Une procrastination structurée pour ne plus subir les injonctions sociales et professionnelles de l’immédiateté
Le temps, pour certains, devient une denrée rare
Nous accordons de moins en moins de temps à chacune de nos actions de la vie quotidienne. Notre rapport au temps est chamboulé. Autrefois, il y avait un rythme collectif, assez synchrone. Aujourd’hui, l’individualisation du rapport au temps engage la société des individus à bannir la procrastination. Le tsunami de l’immédiateté l’emporte. L’urgence est plus importante que l’importance et vous serez toujours « suspect » de vouloir remettre à demain ce que vous ne voulez pas faire aujourd’hui. La société nous demande de « faire vite » au détriment du « faire bien », même si quelquefois, les deux ne sont pas incompatibles. Vouloir prendre le temps le temps de la réflexion nécessaire est aujourd’hui coupable, ringardisé et assimilé à une fainéantise malsaine, dans une forme de despotisme du « tout de suite ».
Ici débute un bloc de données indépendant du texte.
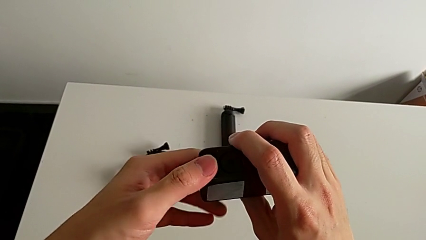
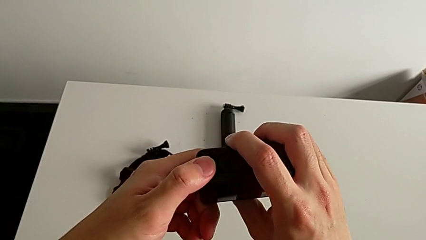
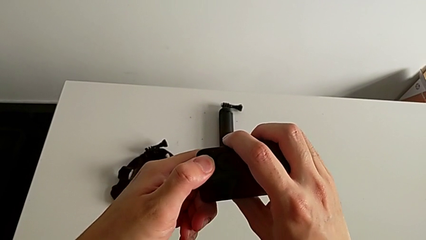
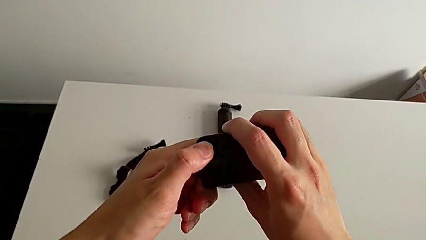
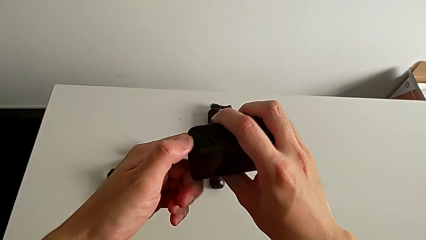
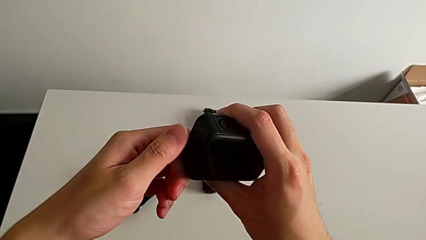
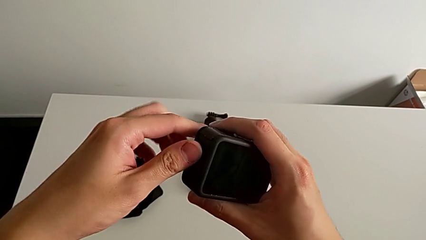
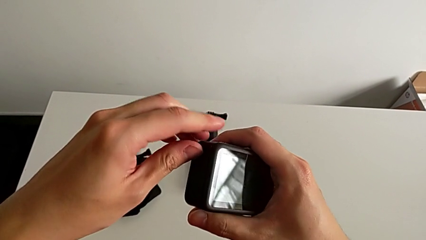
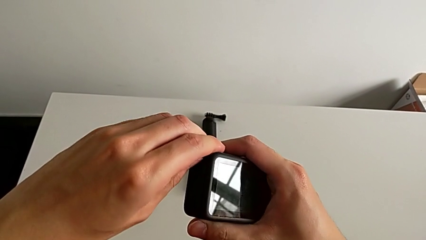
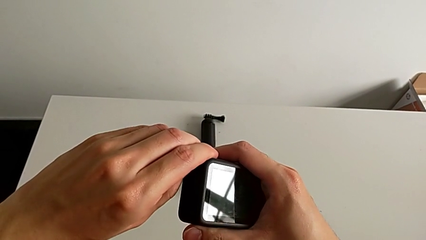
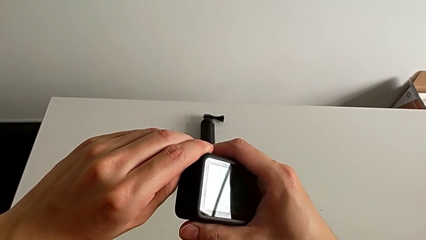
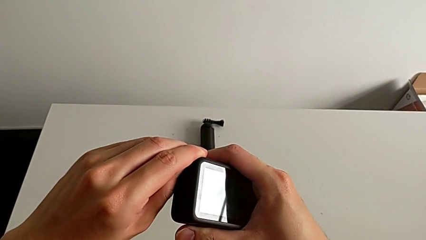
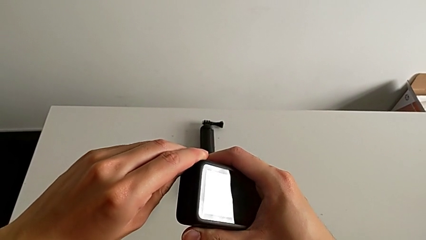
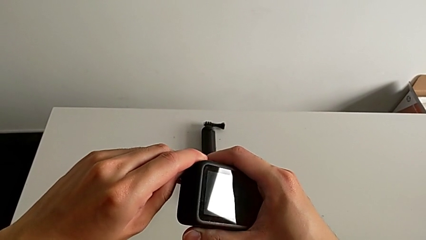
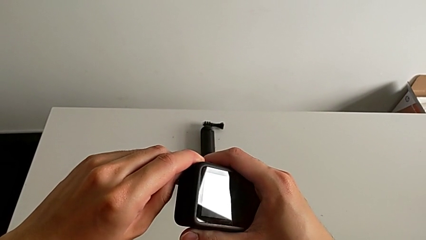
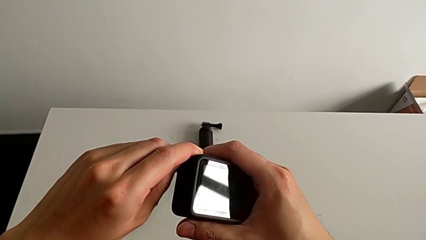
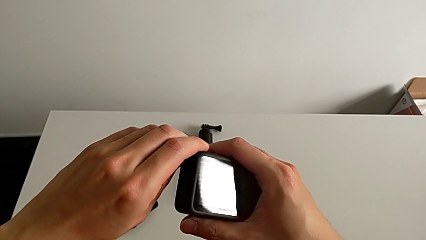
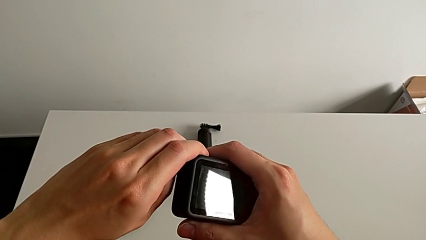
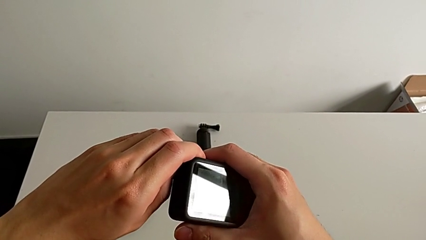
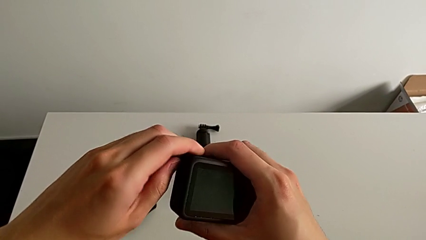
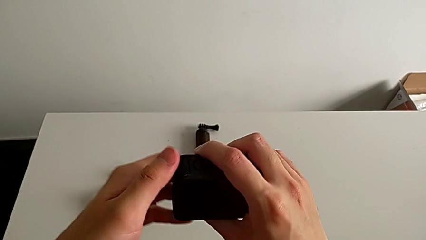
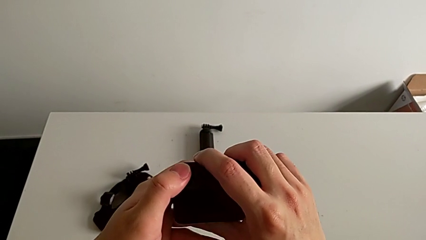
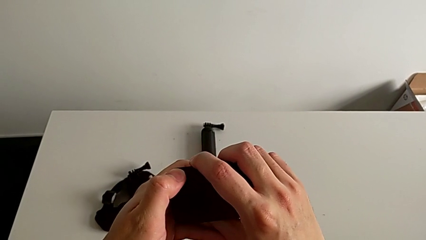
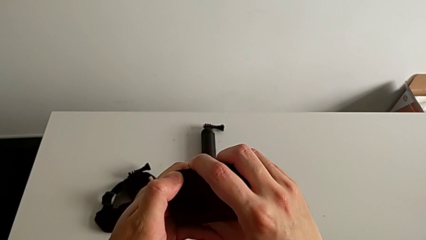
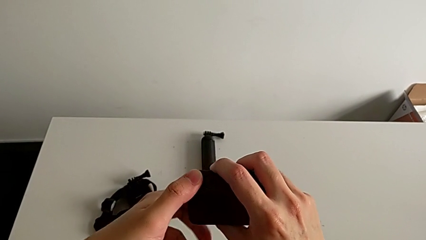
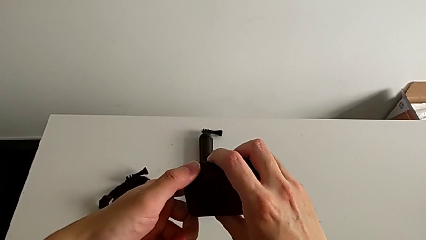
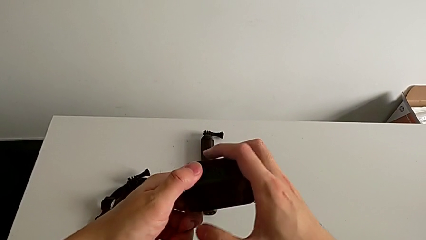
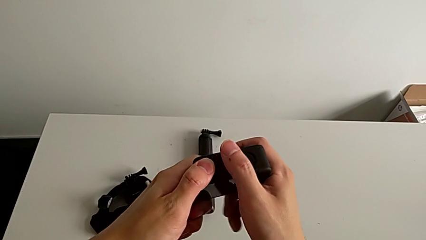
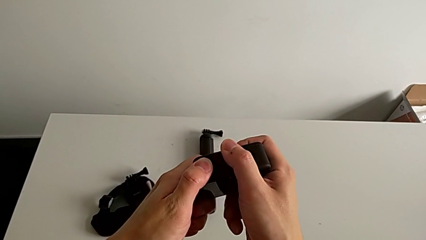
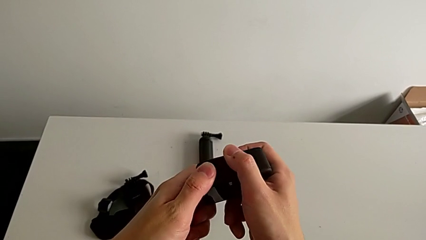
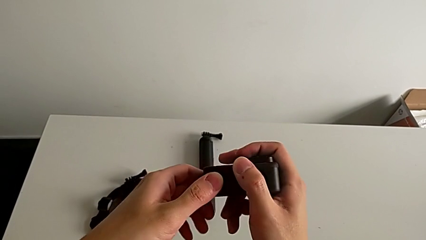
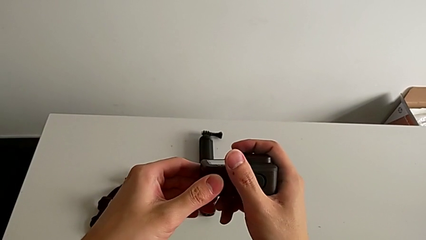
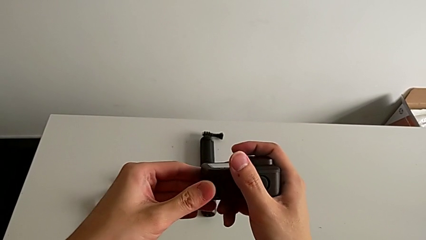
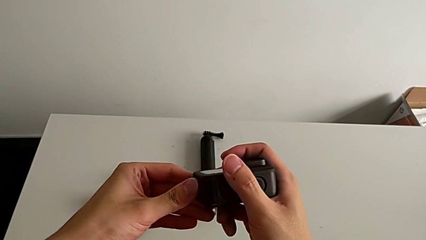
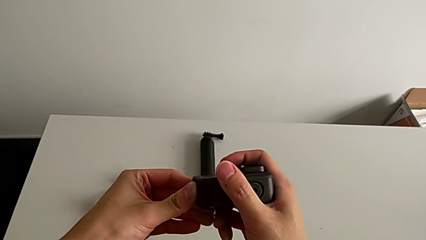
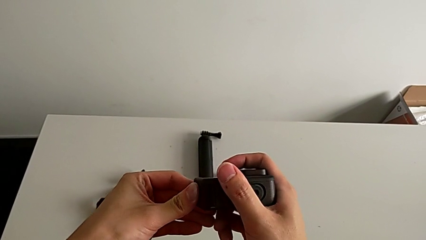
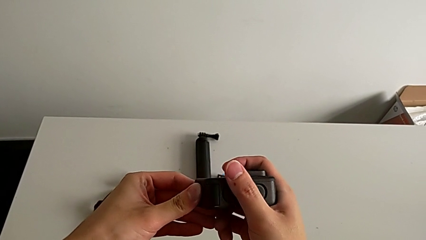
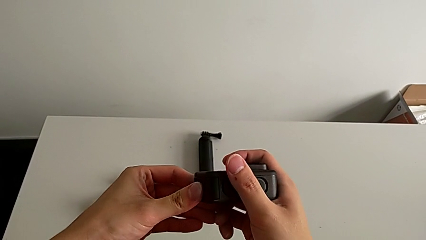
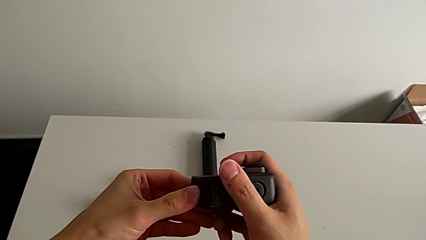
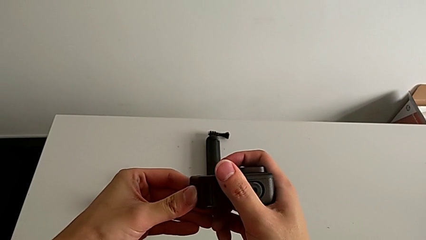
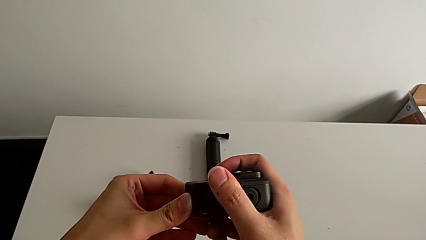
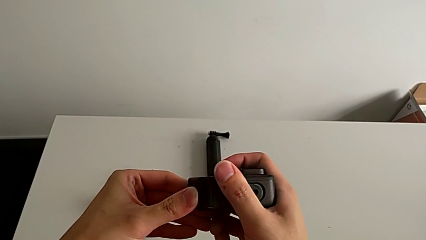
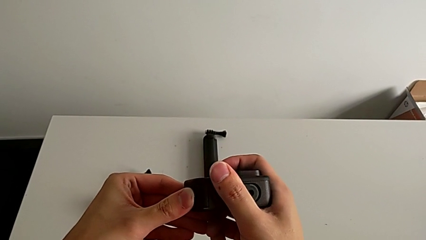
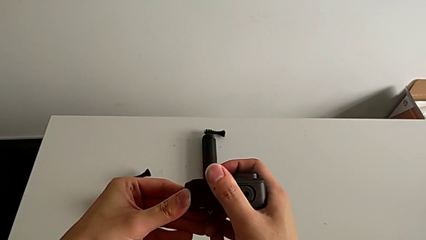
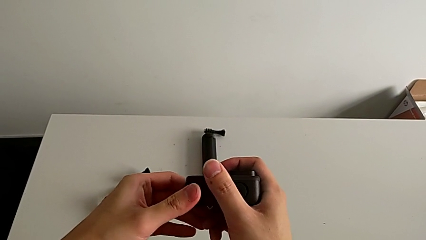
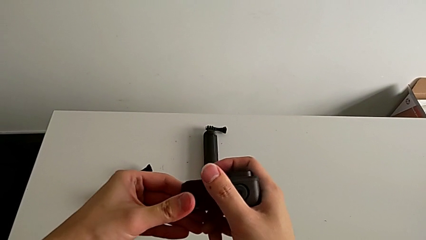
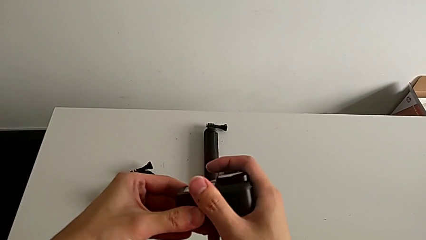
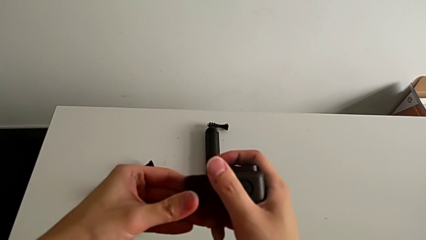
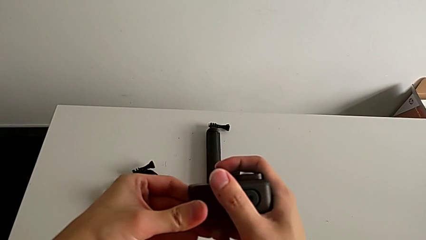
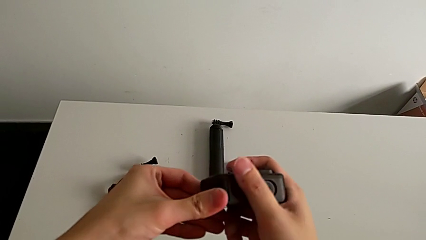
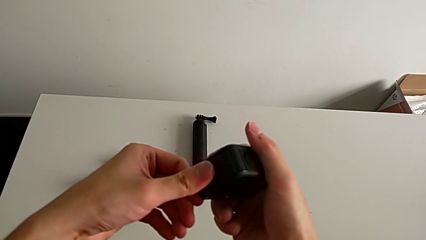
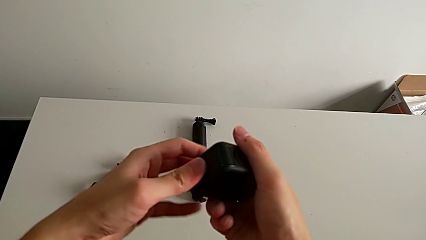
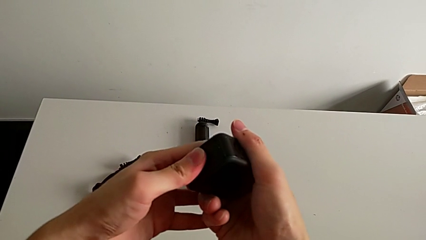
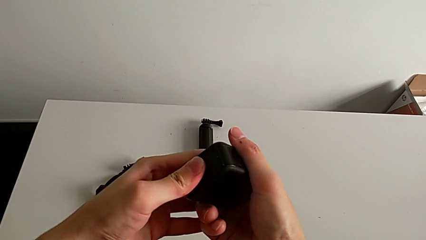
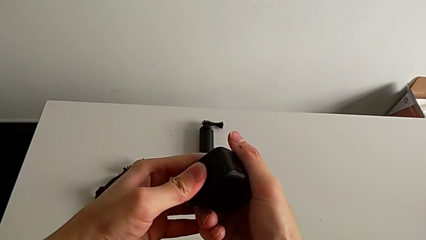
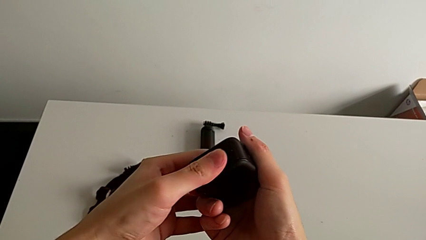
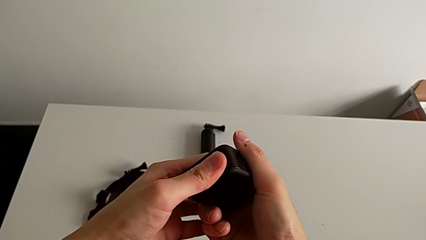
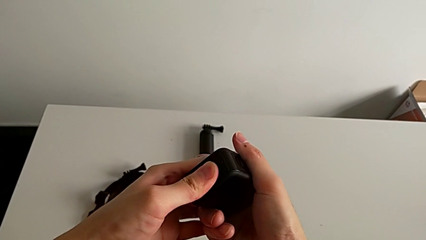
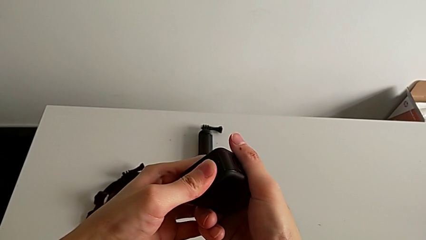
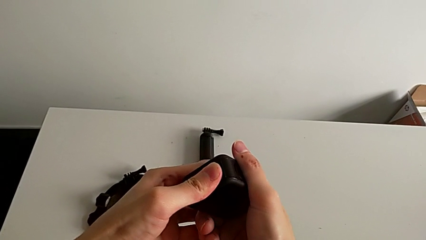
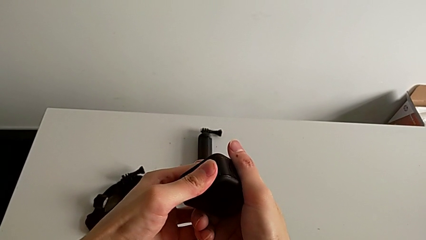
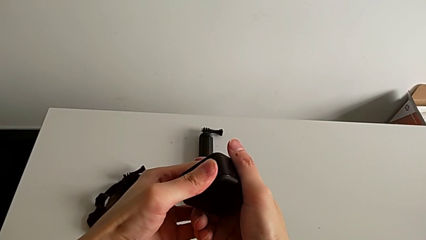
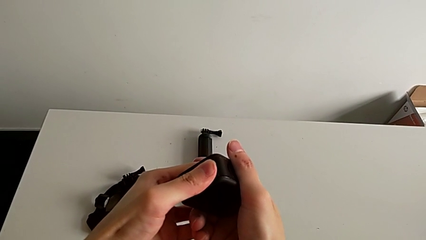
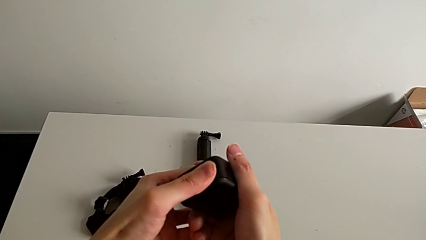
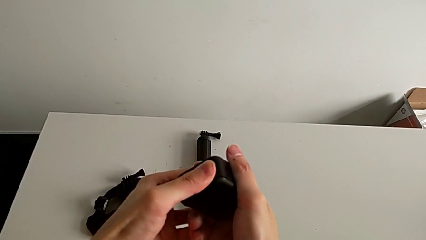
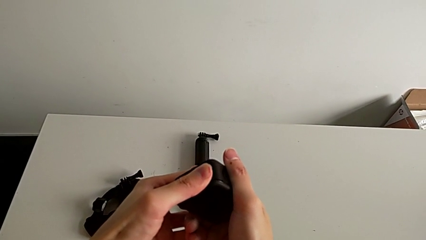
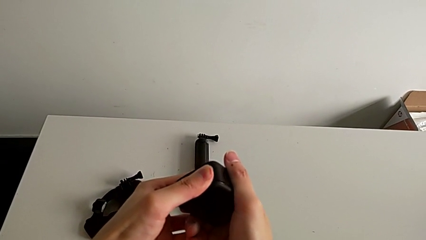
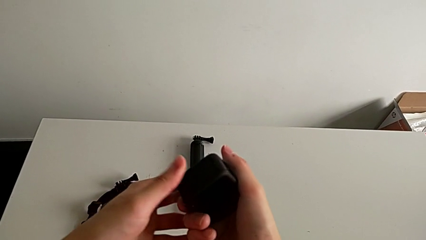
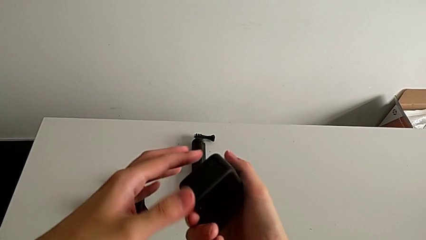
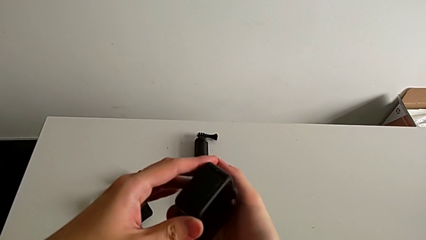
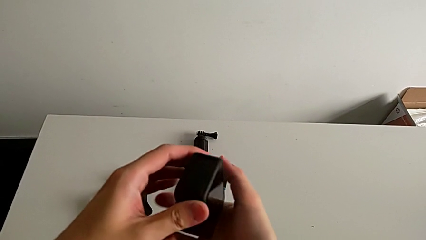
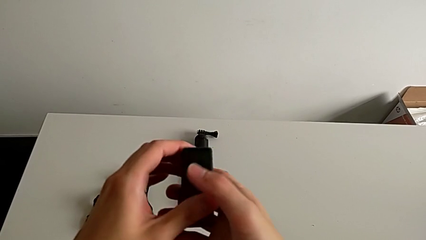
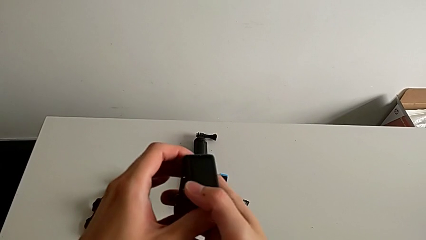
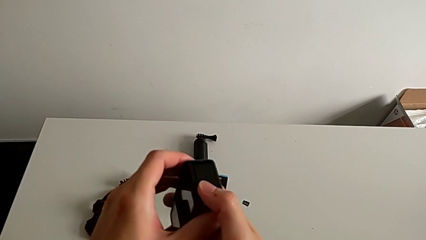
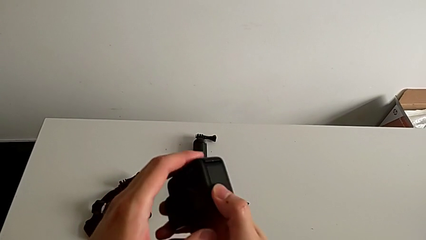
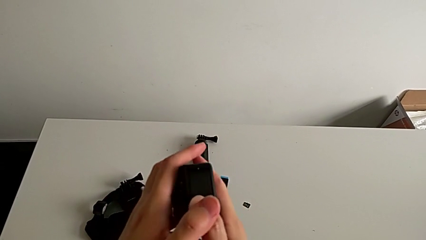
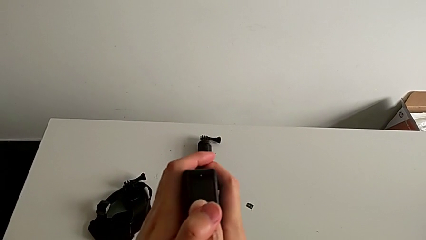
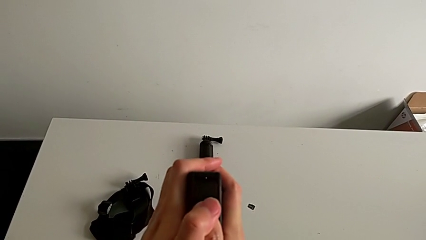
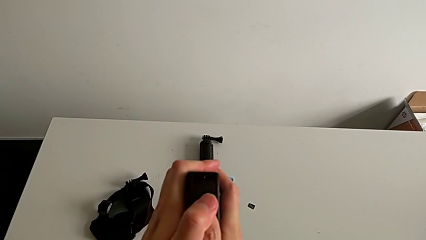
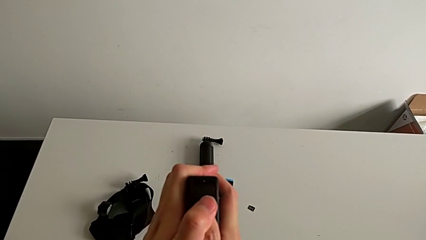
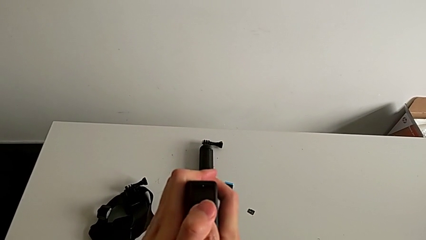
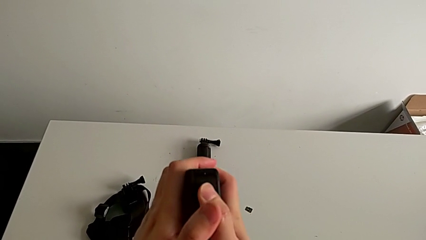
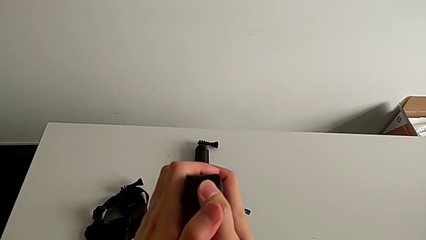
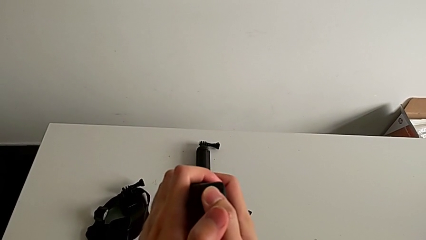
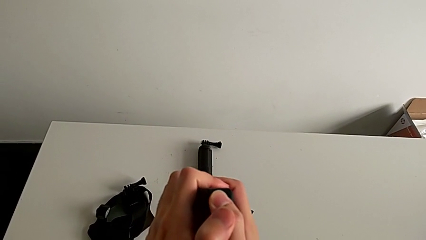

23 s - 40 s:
The camera wearer is changing the battery for the GoPro. They keep pulling the battery door, push the battery door and begin to push the battery door.

La procrastination, dans certains cercles urbains, est source de raillerie, de moquerie, vers ceux qui se focalisent pour une gestion de son temps plus personnelle. Pire, la procrastination est considérée par certains comme une pathologie lourde faisant ainsi émerger les symptômes d’une société malade de l’urgence souvent injustifiée. Certains psychologues s’accordent même à dire que la procrastination est un comportement qui pourrait être causé par un manque d’assurance, une mauvaise estime de soi ou encore des difficultés de concentration, la peur de l’échec ou le perfectionnisme.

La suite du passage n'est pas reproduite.